The hyperglycemic milieu in diabetes results in the formation of advanced glycation end products (AGEs) that predominantly act through specific receptors, particularly the receptor for AGEs (RAGE). Two functional polymorphisms in the promoter of the RAGE gene (−429 T/C and −374 T/A) and one in the AGE binding domain in exon 3 (G82S) were studied in 996 Finnish type 1 diabetic patients. In patients with poor metabolic control (HbA1c >9.5%), the AA genotype of the −374 T/A polymorphism was more common in those with a normal albumin excretion rate than in those with proteinuria (30 vs. 10%, P = 0.01). We observed less coronary heart disease (6 vs. 14%, P < 0.05), acute myocardial infarction (2 vs. 14%, P = 0.01), and peripheral vascular disease (2 vs. 14%, P < 0.05) in patients with the AA genotype of the −374 T/A polymorphism than in those with the TT + TA genotype. Thus, the association between the RAGE −374 T/A homozygous AA genotype and cardiovascular disease as well as albumin excretion in type 1 diabetic patients with poor metabolic control suggests a gene-environment interaction in the development of diabetic nephropathy and cardiovascular complications.

Elevated arterial blood pressure, proteinuria, progressive decline in renal function, and high cardiovascular morbidity and mortality are clinical characteristics of nephropathy in type 1 diabetic subjects (1,2). The chronic hyperglycemia associated with this condition results in formation and accumulation of irreversible advanced glycation end products (AGEs) that cause a plethora of adverse effects, resulting in dysfunction of the vasculature (3). These include changes in lipid metabolism, platelet function, and extracellular matrix composition (4), effects shown to be mediated by specific AGE binding receptors. The candidate receptor most likely to be involved in these processes is the receptor for AGEs (RAGE). Blockade of AGE/RAGE binding prevents the underlying cellular changes associated with vascular disease and the formation of atherosclerosis in animal models of diabetes (5,6). RAGE is normally expressed at low levels in the vasculature; however, studies of human subjects and animal models of diabetes reveal major upregulation of RAGE in the presence of vascular disease (7,8). The role for RAGE in diabetic renal disease is emphasized by animal models engineered to overexpress RAGE, which develop diabetic nephropathy more rapidly than their nontransgenic counterparts (9).

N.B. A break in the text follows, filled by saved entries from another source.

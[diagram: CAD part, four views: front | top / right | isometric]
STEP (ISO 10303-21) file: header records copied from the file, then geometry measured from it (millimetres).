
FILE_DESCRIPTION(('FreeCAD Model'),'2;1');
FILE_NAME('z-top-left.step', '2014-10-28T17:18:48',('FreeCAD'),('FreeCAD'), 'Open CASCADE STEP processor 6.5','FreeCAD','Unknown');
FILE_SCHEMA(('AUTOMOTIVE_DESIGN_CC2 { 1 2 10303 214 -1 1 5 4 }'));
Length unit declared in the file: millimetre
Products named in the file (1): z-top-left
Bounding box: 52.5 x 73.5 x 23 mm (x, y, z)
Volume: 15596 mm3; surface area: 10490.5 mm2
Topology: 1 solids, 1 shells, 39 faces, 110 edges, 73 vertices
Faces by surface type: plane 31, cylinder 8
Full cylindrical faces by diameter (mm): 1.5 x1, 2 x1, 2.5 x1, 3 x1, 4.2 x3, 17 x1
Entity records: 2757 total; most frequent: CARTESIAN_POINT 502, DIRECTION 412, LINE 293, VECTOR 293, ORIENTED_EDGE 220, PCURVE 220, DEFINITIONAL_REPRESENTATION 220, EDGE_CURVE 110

The role for a genetic influence on the pathogenesis is supported by studies that show familial clustering of diabetic nephropathy (10,11), although few genes have been identified as having a role in this disorder. The upregulation and pathogenic effects of RAGE in diabetic vascular disease highlight the RAGE gene as a candidate for involvement in the pathogenesis of nephropathy. The gene for RAGE is located on chromosome 6p21.3 near the HLA locus (12), and at least 30 polymorphisms have been identified (1316). Most of the polymorphisms are rare coding changes or located in noncoding regions, including introns and the 5′ flanking region. Three polymorphisms have been highlighted in studies that include two common functional polymorphisms (−429 T/C and −374 T/A) in the promoter region and a common coding change of a Gly to Ser at amino acid 82. The −429 T/C and −374 T/A polymorphisms were shown to have a marked effect on transcriptional activity (14), with the G82S occurring in the AGE binding domain. Whether these functional polymorphisms play a role in the development of diabetic nephropathy or other complications in type 1 diabetes has not been established. Therefore, we studied these three polymorphisms in 996 type 1 diabetic patients with and without diabetic nephropathy.

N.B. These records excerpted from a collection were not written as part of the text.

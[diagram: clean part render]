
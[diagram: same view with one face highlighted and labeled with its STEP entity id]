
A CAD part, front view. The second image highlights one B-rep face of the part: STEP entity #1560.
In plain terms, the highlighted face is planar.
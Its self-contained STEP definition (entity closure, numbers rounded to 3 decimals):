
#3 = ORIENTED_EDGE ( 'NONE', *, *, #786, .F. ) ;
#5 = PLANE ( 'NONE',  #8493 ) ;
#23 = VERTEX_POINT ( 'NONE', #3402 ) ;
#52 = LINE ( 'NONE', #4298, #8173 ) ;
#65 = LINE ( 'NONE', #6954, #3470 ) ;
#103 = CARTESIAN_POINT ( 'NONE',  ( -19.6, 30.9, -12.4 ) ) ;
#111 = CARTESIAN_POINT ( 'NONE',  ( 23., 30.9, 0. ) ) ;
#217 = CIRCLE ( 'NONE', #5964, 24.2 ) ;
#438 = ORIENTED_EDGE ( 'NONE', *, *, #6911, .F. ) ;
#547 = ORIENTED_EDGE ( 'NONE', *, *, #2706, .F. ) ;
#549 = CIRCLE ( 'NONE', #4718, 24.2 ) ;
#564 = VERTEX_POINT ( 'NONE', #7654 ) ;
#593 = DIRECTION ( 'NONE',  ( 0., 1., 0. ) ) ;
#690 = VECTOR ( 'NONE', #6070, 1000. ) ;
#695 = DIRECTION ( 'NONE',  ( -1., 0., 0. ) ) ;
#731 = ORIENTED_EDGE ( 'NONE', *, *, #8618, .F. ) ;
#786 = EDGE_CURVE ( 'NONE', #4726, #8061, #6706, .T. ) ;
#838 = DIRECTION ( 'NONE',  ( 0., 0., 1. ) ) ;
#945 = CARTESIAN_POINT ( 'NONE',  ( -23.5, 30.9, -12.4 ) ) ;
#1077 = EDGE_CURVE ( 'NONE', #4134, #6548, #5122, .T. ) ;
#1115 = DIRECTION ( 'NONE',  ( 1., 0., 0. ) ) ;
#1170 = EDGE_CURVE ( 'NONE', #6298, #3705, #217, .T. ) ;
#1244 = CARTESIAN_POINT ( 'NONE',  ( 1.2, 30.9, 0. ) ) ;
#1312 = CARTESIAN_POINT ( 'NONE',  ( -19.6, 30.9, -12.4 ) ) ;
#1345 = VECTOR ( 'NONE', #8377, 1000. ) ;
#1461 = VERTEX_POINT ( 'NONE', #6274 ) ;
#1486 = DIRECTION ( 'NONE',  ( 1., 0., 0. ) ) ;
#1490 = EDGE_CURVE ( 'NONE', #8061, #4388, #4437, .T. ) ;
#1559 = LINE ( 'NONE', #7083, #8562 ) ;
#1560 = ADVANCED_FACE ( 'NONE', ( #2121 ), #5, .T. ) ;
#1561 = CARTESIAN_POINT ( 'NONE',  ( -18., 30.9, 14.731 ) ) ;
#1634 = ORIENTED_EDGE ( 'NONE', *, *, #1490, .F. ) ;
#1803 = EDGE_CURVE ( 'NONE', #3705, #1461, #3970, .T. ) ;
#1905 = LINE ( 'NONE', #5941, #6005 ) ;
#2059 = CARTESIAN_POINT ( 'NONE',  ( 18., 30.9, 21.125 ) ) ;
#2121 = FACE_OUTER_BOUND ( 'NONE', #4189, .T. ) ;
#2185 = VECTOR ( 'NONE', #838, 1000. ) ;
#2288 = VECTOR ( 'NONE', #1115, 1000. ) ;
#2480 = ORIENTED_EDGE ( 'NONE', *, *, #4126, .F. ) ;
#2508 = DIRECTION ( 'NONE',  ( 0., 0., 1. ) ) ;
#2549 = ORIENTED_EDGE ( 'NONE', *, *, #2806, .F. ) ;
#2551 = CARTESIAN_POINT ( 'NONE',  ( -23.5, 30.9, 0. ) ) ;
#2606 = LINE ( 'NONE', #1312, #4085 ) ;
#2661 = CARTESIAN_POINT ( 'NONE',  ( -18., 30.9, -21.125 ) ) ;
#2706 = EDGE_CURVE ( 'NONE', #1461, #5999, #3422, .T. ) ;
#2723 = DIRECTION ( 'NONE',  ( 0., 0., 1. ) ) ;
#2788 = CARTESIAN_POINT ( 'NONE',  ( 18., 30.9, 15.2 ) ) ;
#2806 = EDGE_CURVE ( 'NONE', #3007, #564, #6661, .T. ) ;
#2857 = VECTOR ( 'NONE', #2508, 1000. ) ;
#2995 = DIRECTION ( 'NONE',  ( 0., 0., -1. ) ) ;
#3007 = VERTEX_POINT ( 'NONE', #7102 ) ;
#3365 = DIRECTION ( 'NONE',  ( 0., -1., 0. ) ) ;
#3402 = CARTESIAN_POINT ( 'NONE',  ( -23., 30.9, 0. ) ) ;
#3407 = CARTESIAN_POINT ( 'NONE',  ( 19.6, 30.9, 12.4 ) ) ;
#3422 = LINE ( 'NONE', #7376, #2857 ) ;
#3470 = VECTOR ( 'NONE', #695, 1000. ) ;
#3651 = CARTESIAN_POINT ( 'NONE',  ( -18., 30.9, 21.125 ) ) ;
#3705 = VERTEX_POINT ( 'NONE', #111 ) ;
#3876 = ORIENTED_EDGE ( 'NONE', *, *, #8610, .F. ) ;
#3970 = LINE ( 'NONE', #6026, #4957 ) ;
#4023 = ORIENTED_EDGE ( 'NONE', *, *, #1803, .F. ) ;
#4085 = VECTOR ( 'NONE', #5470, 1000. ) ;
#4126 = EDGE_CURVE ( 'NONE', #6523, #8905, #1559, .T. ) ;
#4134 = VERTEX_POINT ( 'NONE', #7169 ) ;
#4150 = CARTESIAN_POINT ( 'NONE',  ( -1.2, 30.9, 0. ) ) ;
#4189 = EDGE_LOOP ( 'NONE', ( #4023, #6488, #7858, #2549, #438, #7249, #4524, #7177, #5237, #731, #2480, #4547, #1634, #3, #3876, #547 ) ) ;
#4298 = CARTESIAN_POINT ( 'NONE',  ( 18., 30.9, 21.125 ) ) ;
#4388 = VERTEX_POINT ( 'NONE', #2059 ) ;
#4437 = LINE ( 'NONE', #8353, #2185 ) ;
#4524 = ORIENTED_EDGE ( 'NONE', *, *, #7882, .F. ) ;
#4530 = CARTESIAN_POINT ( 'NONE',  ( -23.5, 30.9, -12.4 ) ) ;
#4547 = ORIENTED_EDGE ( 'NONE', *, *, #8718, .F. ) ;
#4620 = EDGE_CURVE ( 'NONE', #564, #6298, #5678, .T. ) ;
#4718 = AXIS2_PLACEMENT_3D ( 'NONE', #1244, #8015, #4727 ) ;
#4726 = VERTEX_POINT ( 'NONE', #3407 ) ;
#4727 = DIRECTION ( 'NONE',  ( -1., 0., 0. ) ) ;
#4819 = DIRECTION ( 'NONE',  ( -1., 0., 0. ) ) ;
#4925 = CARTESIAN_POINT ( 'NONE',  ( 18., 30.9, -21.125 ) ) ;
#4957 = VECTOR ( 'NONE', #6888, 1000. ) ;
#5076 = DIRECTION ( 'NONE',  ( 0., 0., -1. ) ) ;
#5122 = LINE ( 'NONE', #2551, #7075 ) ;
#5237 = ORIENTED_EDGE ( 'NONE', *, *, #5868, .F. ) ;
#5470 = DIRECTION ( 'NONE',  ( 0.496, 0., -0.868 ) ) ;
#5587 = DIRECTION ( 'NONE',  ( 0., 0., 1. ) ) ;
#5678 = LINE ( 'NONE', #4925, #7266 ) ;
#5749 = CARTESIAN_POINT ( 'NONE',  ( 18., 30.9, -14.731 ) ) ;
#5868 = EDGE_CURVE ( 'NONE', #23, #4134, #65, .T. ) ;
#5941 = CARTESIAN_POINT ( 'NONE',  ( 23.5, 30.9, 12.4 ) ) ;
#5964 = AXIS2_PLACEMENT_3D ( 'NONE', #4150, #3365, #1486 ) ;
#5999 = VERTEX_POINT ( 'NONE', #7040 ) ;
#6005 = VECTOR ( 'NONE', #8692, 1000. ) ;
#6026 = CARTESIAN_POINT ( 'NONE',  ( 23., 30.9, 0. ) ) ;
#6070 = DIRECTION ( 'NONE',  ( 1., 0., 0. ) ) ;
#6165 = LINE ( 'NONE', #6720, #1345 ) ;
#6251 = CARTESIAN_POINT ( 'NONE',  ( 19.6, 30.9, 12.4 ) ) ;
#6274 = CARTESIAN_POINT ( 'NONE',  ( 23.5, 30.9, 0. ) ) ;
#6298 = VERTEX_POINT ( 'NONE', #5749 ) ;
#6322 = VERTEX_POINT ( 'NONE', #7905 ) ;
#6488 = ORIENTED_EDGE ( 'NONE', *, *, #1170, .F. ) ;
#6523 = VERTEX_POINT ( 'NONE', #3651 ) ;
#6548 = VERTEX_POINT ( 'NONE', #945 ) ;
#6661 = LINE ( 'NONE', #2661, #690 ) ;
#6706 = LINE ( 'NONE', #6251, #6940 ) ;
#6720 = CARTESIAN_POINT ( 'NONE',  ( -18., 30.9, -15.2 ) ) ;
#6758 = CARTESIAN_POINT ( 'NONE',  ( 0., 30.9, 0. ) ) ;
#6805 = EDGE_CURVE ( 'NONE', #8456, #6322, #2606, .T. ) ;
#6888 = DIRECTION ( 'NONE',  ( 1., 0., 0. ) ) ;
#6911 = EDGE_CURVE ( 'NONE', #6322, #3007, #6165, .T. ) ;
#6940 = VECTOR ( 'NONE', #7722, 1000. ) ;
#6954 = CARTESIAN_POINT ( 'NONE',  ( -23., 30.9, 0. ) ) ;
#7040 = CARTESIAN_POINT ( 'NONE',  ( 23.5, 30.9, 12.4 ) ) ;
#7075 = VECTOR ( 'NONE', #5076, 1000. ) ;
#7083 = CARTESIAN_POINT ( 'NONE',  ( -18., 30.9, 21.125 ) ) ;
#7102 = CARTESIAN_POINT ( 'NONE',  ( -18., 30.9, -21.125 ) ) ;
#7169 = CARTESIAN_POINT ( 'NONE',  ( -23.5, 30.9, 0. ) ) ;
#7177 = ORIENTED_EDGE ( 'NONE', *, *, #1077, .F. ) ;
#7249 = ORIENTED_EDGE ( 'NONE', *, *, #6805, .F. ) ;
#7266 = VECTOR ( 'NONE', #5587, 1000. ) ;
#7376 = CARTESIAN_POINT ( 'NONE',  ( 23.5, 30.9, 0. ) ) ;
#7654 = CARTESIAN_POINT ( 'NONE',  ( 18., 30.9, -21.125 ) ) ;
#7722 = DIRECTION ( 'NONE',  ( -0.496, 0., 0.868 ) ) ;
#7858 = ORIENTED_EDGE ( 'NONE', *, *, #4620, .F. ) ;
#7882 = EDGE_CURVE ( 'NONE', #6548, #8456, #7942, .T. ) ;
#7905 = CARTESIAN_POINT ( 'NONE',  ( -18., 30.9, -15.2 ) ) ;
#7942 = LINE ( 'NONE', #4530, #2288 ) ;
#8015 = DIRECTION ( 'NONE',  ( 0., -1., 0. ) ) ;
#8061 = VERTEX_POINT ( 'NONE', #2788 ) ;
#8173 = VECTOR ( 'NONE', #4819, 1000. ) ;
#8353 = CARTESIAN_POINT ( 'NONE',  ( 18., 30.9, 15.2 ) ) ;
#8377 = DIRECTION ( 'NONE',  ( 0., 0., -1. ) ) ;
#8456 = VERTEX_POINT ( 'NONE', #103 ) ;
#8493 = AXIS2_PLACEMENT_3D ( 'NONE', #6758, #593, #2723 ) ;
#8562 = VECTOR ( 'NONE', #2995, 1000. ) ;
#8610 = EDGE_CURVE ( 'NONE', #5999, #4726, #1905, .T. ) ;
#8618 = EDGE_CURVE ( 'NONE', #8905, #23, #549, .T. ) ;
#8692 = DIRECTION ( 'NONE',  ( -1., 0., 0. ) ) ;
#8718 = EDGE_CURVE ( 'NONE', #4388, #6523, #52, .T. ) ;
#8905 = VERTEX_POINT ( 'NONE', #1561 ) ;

The clinical characteristics of the four patient groups are shown in Table 1. In the entire cohort, the frequencies of the homozygous mutant genotype for the −429 T/C, −374 T/A, and G82S polymorphisms were 2, 13, and 1%, respectively. The −374 T/A and G82S polymorphisms were in Hardy-Weinberg equilibrium in all four groups, whereas the −429 T/C deviated significantly from equilibrium (χ2 = 20.8, P < 0.0001).

No difference in genotypes or allele frequencies was observed between the four groups. The AA genotype frequency of the −374 T/A polymorphism was 15% in patients with normoalbuminuria compared with 12% in those with proteinuria (P = NS). However, in patients with poor metabolic control, the AA genotype of the −374 T/A polymorphism was more common in subjects with normal albumin excretion than in those with proteinuria (Table 2). The HbA1c level did not affect the genotype frequencies of the 429 T/C and G82S polymorphisms (data not shown).

In the entire cohort, 106 patients had manifest cardiovascular disease (CVD). CVD was less common in those with the AA genotype than in those with the TT and TA genotypes of the −374 T/A polymorphism. In addition, patients with the AA genotype had less coronary heart disease (CHD) and acute myocardial infarction (AMI) (both included in the CVD variable) and less peripheral vascular disease (PVD) (not included in the CVD variable) (Table 3). Furthermore, the AA genotype of the −374 T/A polymorphism was associated with CVD in a multiple logistic regression analysis (Table 4).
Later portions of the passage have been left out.